邓丽君有一首歌这样唱道:根要往下生,花要往上开。冥冥之中,似乎在为自己的身份,为自己的理想,为自己所要坚持的信仰而进行说明。她只是在扎根的地方绽放,无根的花,又哪里有芳香?只是似乎连她自己都不知道,这根,到底该扎在何方。雨水丰润的地方,却又常见不到太阳,阳光充足的地方,又常会狂风漫卷。
她的一生春风得意,可以说要风得风要雨得雨,可她的一生又处处不得已,谣言不断,就是歌迷,也常听风就是雨。

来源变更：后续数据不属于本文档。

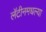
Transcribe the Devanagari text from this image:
लॅटीनमधल्या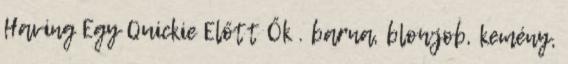
Having Egy Quickie Előtt Ők . barna, blowjob, kemény,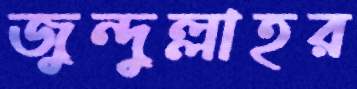
জুন্দুল্লাহর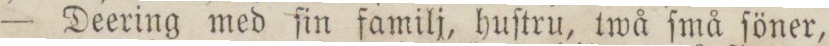
— Deering med ſin familj, huſtru, twå ſmå ſoner,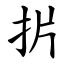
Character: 扸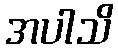
အပါသိ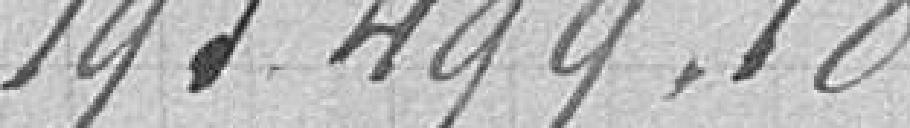
193 499,18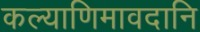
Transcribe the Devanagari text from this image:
कल्याणिमावदानि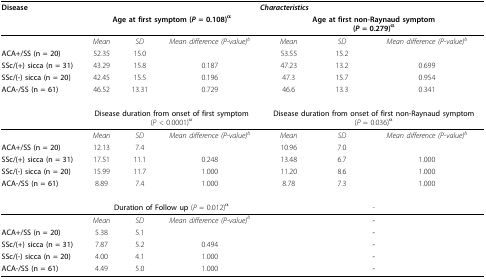
<table><thead><tr><td><b>Disease</b></td><td colspan="6"><b><i>Characteristics</i></b></td></tr><tr><td></td><td colspan="3"><b>Age at first symptom (<i>P </i>= 0.108)<sup>α</sup></b></td><td colspan="3"><b>Age at first non-Raynaud symptom(<i>P </i>= 0.279)<sup>α</sup></b></td></tr></thead><tbody><tr><td></td><td><i>Mean</i></td><td><i>SD</i></td><td><i>Mean difference (P-value)</i><sup><i>b</i></sup></td><td><i>Mean</i></td><td><i>SD</i></td><td><i>Mean difference (P-value)</i><sup><i>b</i></sup></td></tr><tr><td><b>ACA+/SS (n = 20)</b></td><td>52.35</td><td>15.0</td><td></td><td>53.55</td><td>15.2</td><td></td></tr><tr><td><b>SSc/(+) sicca (n = 31)</b></td><td>43.29</td><td>15.8</td><td>0.187</td><td>47.23</td><td>13.2</td><td>0.699</td></tr><tr><td><b>SSc/(-) sicca (n = 20)</b></td><td>42.45</td><td>15.5</td><td>0.196</td><td>47.3</td><td>15.7</td><td>0.954</td></tr><tr><td><b>ACA-/SS (n = 61)</b></td><td>46.52</td><td>13.31</td><td>0.729</td><td>46.6</td><td>13.3</td><td>0.341</td></tr><tr><td></td><td colspan="3"><b>Disease duration from onset of first symptom </b>(<i>P </i>&lt; 0.0001)<sup>α</sup></td><td colspan="3"><b>Disease duration from onset of first non-Raynaud symptom </b>(<i>P </i>= 0.036)<sup>α</sup></td></tr><tr><td></td><td><i>Mean</i></td><td><i>SD</i></td><td><i>Mean difference (P-value)</i><sup><i>b</i></sup></td><td><i>Mean</i></td><td><i>SD</i></td><td><i>Mean difference (P-value)</i><sup><i>b</i></sup></td></tr><tr><td><b>ACA+/SS (n = 20)</b></td><td>12.13</td><td>7.4</td><td></td><td>10.96</td><td>7.0</td><td></td></tr><tr><td><b>SSc/(+) sicca (n = 31)</b></td><td>17.51</td><td>11.1</td><td>0.248</td><td>13.48</td><td>6.7</td><td>1.000</td></tr><tr><td><b>SSc/(-) sicca (n = 20)</b></td><td>15.99</td><td>11.7</td><td>1.000</td><td>11.20</td><td>8.6</td><td>1.000</td></tr><tr><td><b>ACA-/SS (n = 61)</b></td><td>8.89</td><td>7.4</td><td>1.000</td><td>8.78</td><td>7.3</td><td>1.000</td></tr><tr><td></td><td colspan="3"><b>Duration of Follow up </b>(<i>P </i>= 0.012)<sup>α</sup></td><td colspan="3">-</td></tr><tr><td></td><td><i>Mean</i></td><td><i>SD</i></td><td><i>Mean difference (P-value)</i><sup><i>b</i></sup></td><td colspan="3"><b>-</b></td></tr><tr><td><b>ACA+/SS (n = 20)</b></td><td>5.38</td><td>5.1</td><td></td><td colspan="3"><b>-</b></td></tr><tr><td><b>SSc/(+) sicca (n = 31)</b></td><td>7.87</td><td>5.2</td><td>0.494</td><td colspan="3"><b>-</b></td></tr><tr><td><b>SSc/(-) sicca (n = 20)</b></td><td>4.00</td><td>4.1</td><td>1.000</td><td colspan="3"><b>-</b></td></tr><tr><td><b>ACA-/SS (n = 61)</b></td><td>4.49</td><td>5.0</td><td>1.000</td><td colspan="3"><b>-</b></td></tr></tbody></table>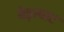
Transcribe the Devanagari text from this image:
बेड़ाघाट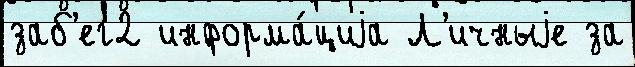
заб'ег2 информа́циjа Л'ичныjе за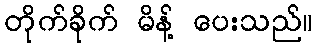
တိုက်ခိုက် မိန့် ပေးသည်။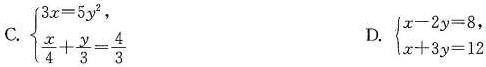
C. $$\begin {cases}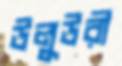
উলুউরী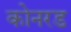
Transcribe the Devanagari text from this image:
कोनरड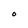
Character: 0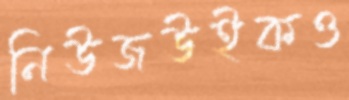
নিউজউইকও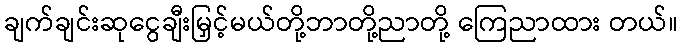
ချက်ချင်းဆုငွေချီးမြှင့်မယ်တို့ဘာတို့ညာတို့ ကြေညာထား တယ်။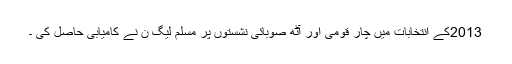
2013کے انتخابات میں چار قومی اور آٹھ صوبائی نشستوں پر مسلم لیگ ن نے کامیابی حاصل کی ۔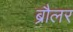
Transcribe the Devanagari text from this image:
ब्रौलर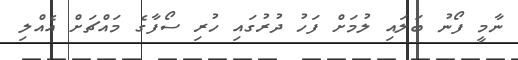
ނާމީ ފޯނު ބަލައި ލުމަށް ފަހު ދުރުގައި ހުރި ސޯފާގެ މައްޗަށް އެއްލި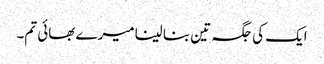
ایک کی جگہ تین بنا لینا میرے بھائی تم۔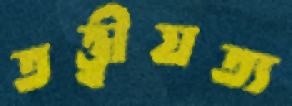
তত্ত্বীয়ত্য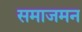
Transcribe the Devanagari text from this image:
समाजमन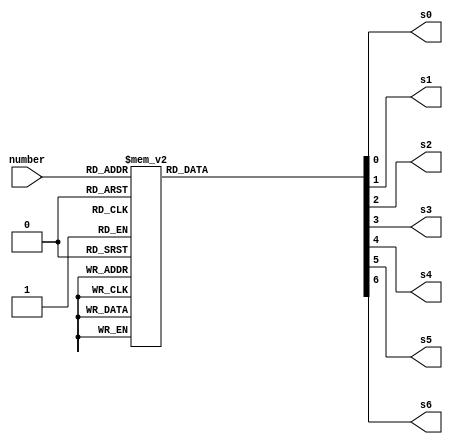
/////////////////////////////////////////////////////////
//
//		utility.v includes: LED_MUX , clk_gen modules , led , BARCODE_LED
//
/////////////////////////////////////////////////////////


//////////////////////////////////
//								
//	Name: Christian	Moreano		
//	Class: CmpE 125,FA12		
//	Instructor: Dr. Hung		
//	Module: LED			
//								
//////////////////////////////////

module led(number, s0, s1, s2, s3, s4, s5, s6); 
output s0, s1, s2, s3, s4, s5, s6; 
input [3:0] number; 
reg s0, s1, s2, s3, s4, s5, s6; 
always @ (number) 
	begin // BCD to 7-segment decoding
		case (number) // s0 - s6 are active low
		4'b0000: begin s0=0; s1=0; s2=0; s3=1; s4=0; s5=0; s6=0; end
		4'b0001: begin s0=1; s1=0; s2=1; s3=1; s4=0; s5=1; s6=1; end
		4'b0010: begin s0=0; s1=1; s2=0; s3=0; s4=0; s5=1; s6=0; end
		4'b0011: begin s0=0; s1=0; s2=1; s3=0; s4=0; s5=1; s6=0; end
		4'b0100: begin s0=1; s1=0; s2=1; s3=0; s4=0; s5=0; s6=1; end
		4'b0101: begin s0=0; s1=0; s2=1; s3=0; s4=1; s5=0; s6=0; end
		4'b0110: begin s0=0; s1=0; s2=0; s3=0; s4=1; s5=0; s6=0; end
		4'b0111: begin s0=1; s1=0; s2=1; s3=1; s4=0; s5=1; s6=0; end
		4'b1000: begin s0=0; s1=0; s2=0; s3=0; s4=0; s5=0; s6=0; end
		4'b1001: begin s0=0; s1=0; s2=1; s3=0; s4=0; s5=0; s6=0; end
		default: begin s0=1; s1=1; s2=1; s3=1; s4=1; s5=1; s6=1; end
		endcase 
	end
endmodule  // end led

//////////////////////////////////
//								
//	Name: Christian	Moreano		
//	Class: CmpE 125,FA12		
//	Instructor: Dr. Hung		
//	Module: BARCODE LED				
//								
//////////////////////////////////


module BARDCODE_LED(in_A,in_B,out);

input [2:0] in_A, in_B;
output reg [5:0] out;
always @ (in_A,in_B)
	begin
		out[2:0] = in_B;
		out[5:3] = in_A;
	end
endmodule

//////////////////////////////////
//								
//	Name: Christian	Moreano		
//	Class: CmpE 125,FA12		
//	Instructor: Dr. Hung		
//	Module: LED_MUX				
//								
//////////////////////////////////


module LED_MUX (clk, rst, LED0, LED1, LED2, LED3, LEDOUT, LEDSEL);
input clk, rst;
input [7:0] LED0, LED1, LED2, LED3;

output[3:0] LEDSEL;
output[7:0] LEDOUT;

reg [3:0] LEDSEL;
reg [7:0] LEDOUT;
reg [1:0] index;
always @(posedge clk)
	begin
	if(rst)
	index = 0;
	else
	index = index + 1;
	end
	always @(index, LED0, LED1, LED2, LED3)
	begin
		case(index)
			0: begin
			LEDSEL = 4'b1110;
			LEDOUT = LED0;
				end
			1: begin
			LEDSEL = 4'b1101;
			LEDOUT = LED1;
				end
			2: begin
			LEDSEL = 4'b1011;
			LEDOUT = LED2;
				end
			3: begin
			LEDSEL = 4'b0111;
			LEDOUT = LED3;
				end
			default: begin
			LEDSEL = 0; LEDOUT = 0;
						end
		endcase
	end
endmodule


//////////////////////////////////
//								//
//	Name: Christian	Moreano		//
//	Class: CmpE 125,FA12		//
//	Instructor: Dr. Hung		//
//	Module: clk_gen				//
//								//
//////////////////////////////////

module clk_gen(clk50MHz, rst, clksec4, clk_5KHz);
input clk50MHz, rst;
output clksec4, clk_5KHz;
reg clksec4, clk_5KHz;
integer count, count1;
always@(posedge clk50MHz)
begin
	if(rst)
	begin
		count = 0;
		count1 = 0;
		clksec4 = 0;
		clk_5KHz  =0;
	end
	else 
	begin
		if(count == 100000000)
		begin
			clksec4 = ~clksec4;
			count = 0;
		end
		if(count1 == 20000)
		begin
			clk_5KHz = ~clk_5KHz;
			count1 = 0;
		end			
		count = count + 1;
		count1 = count1 + 1;					 		
	end
end
endmodule

//////////////////////////////////
//								
//	Name: Christian	Moreano		
//	Class: CmpE 125,FA12		
//	Instructor: Dr. Hung		
//	Module: Debounce				
//								
//////////////////////////////////


module debounce(pb_debounced, pb, clk); 
input pb, clk; 
output pb_debounced; 
reg [7:0] shift; 
reg pb_debounced; 
always @ (posedge clk) 
begin 
	shift[6:0] <= shift[7:1]; 
	shift[7] <= pb; 
	if (shift==4'b0000) 
		pb_debounced <= 1'b0; 
	else pb_debounced <= 1'b1; 
end 
endmodule

经过这样一场怀疑与再鉴定,浓云散,风波住,就是那些原本抱着看热闹心理的人,也倏然长叹,邓丽君,是一个活得很无奈的平凡人,邓丽君,也是一个活得很认真的女神。
这个世界上,真正了解、理解邓丽君的人能有几个呢?大多数人都是以歌迷的身份,站在远远的地方,极度渴望接近,却又被经纪公司和媒体人隔着,被他们营造的幻境隔着,难以接近。这渴望接近的心情,还不是因经纪公司所营造出来的形象效果所致。尽管这个形象比较接近邓丽君本人,可她还是要压抑自己的本性,说言不由衷的话,做让自己不自在的事情。她是一个风光的明星,可同时又是一个身不由己的玩偶。偶像,在很多时候,首先得要成为大众的玩偶,然后才能成为人们的偶像。

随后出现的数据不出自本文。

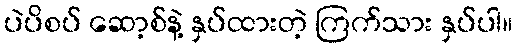
ပဲပိစပ် ဆော့စ်နဲ့ နှပ်ထားတဲ့ ကြက်သား နှပ်ပါ။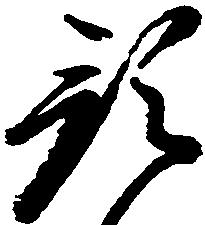
預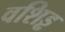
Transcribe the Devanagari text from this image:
वशिड्ढ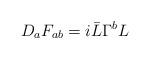
LaTeX: \begin{align*}D_aF_{ab} = i\bar{L}\Gamma^bL\end{align*}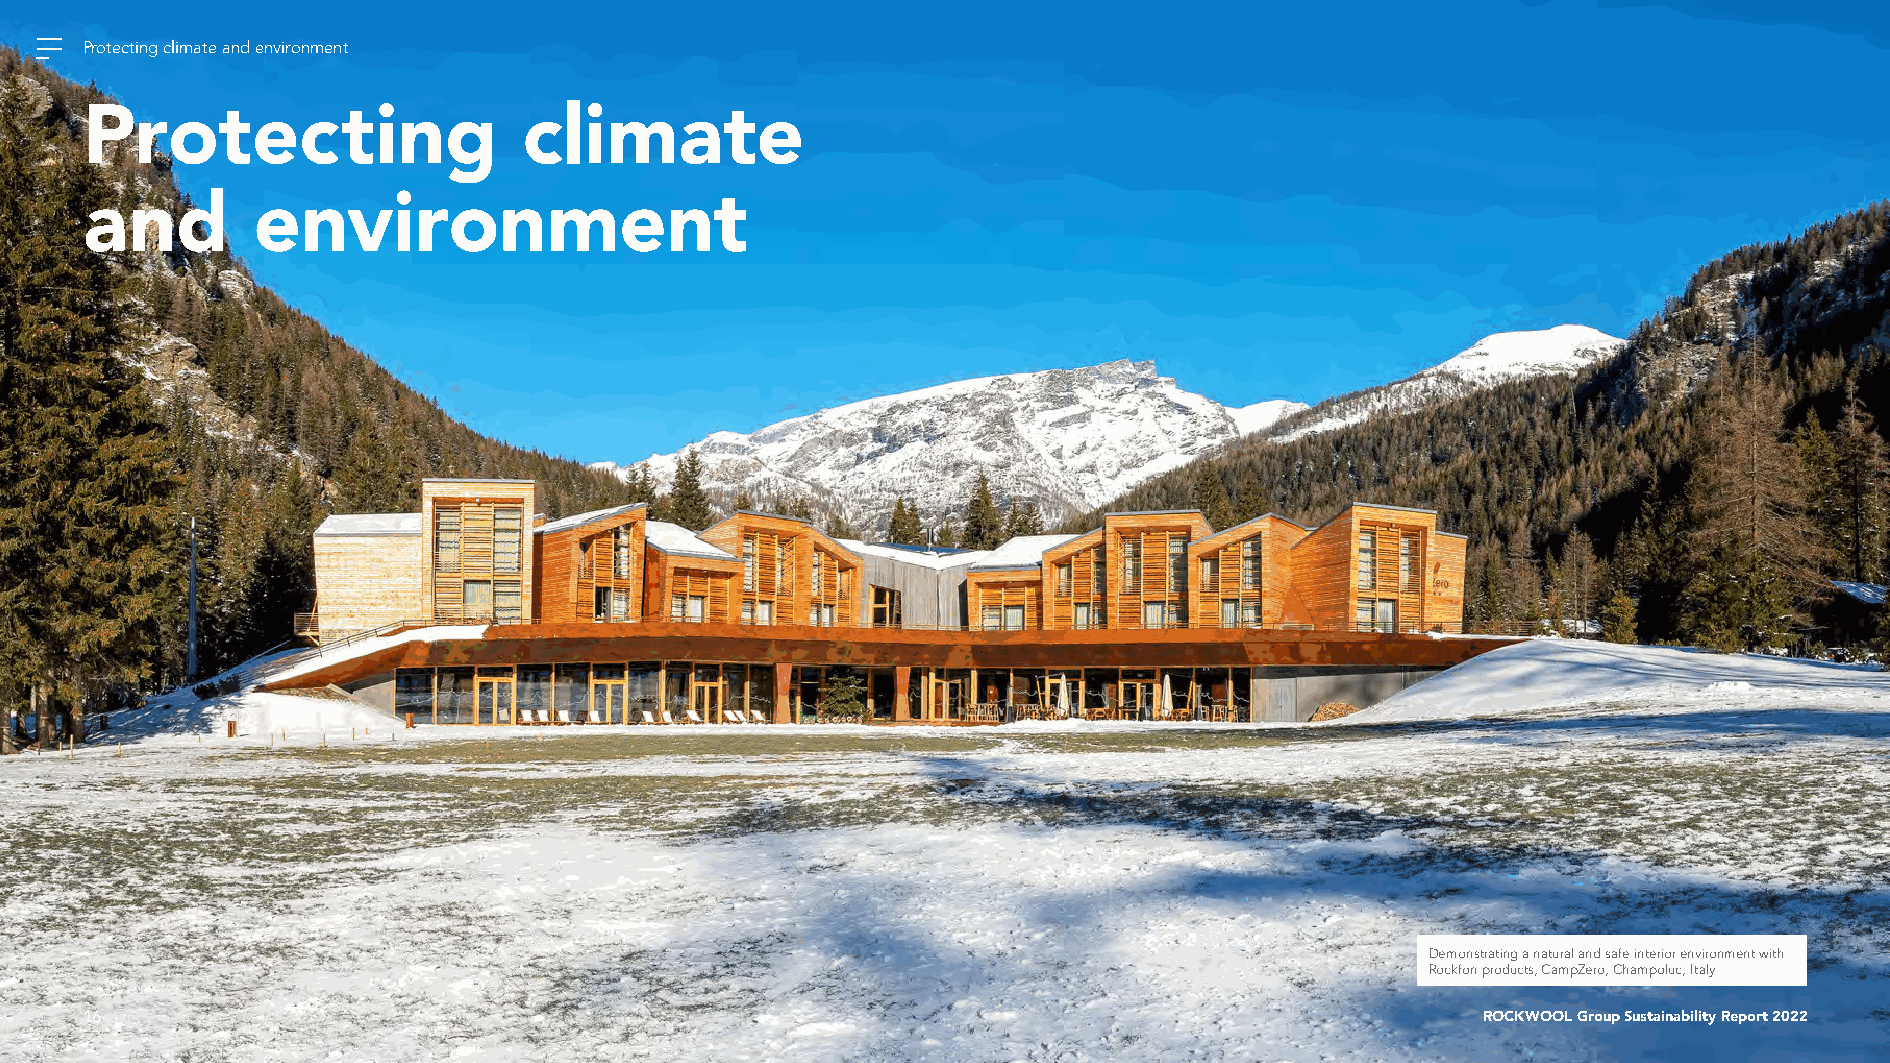
Protecting climate and environment
 Protecting                   climate
 and        environment
 Demonstrating a natural and safe interior environment with
 Rockfon products, CampZero, Champoluc, Italy
 16                                                                                           ROCKWOOL Group Sustainability Report 2022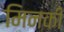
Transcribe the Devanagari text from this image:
मिनकी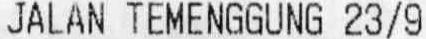
JALAN TEMENGGUNG 23/9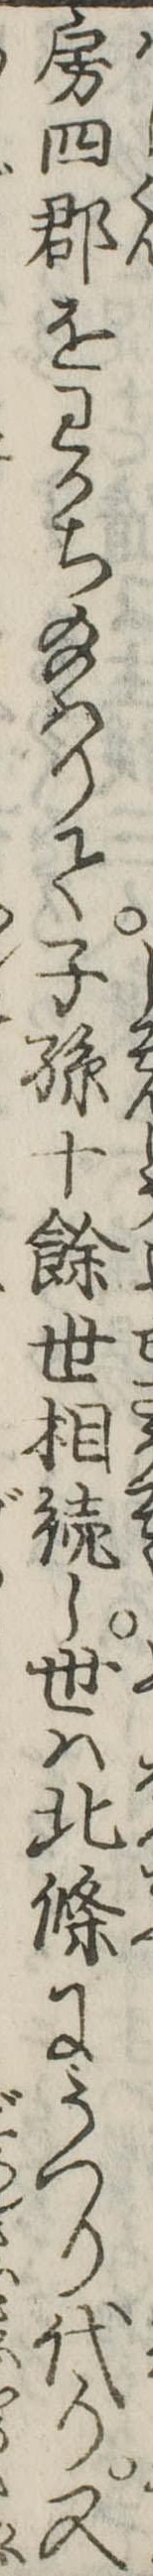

我是喜爱邓丽君的,可我总忍不住去想:这种喜爱,从某种角度来说,未尝不是一种罪过。因为所谓的喜爱,不过是借别人一个完美的优势,来完成自己感情空虚的填充,来完成自己的某种梦想的转化。在幻境中形成的喜爱,有多少是和被喜爱者心心相通的呢?又有多少会给被喜爱者造成负担呢?如果,不是有那么多人喜欢她,喜欢她的歌,又怎么会有那么多人惦记着给她泼脏水,有那么多人利用她的名气制造新闻呢?
人生总是充满了谬论,理所当然的谬论。就像幸运有时候是一种灾难,灾难有时候是一种财富一样,任何表象的背后可能就是截然相反的一种状态。任何一个人的故事,都会有若干个版本。读者不同,故事就会不同。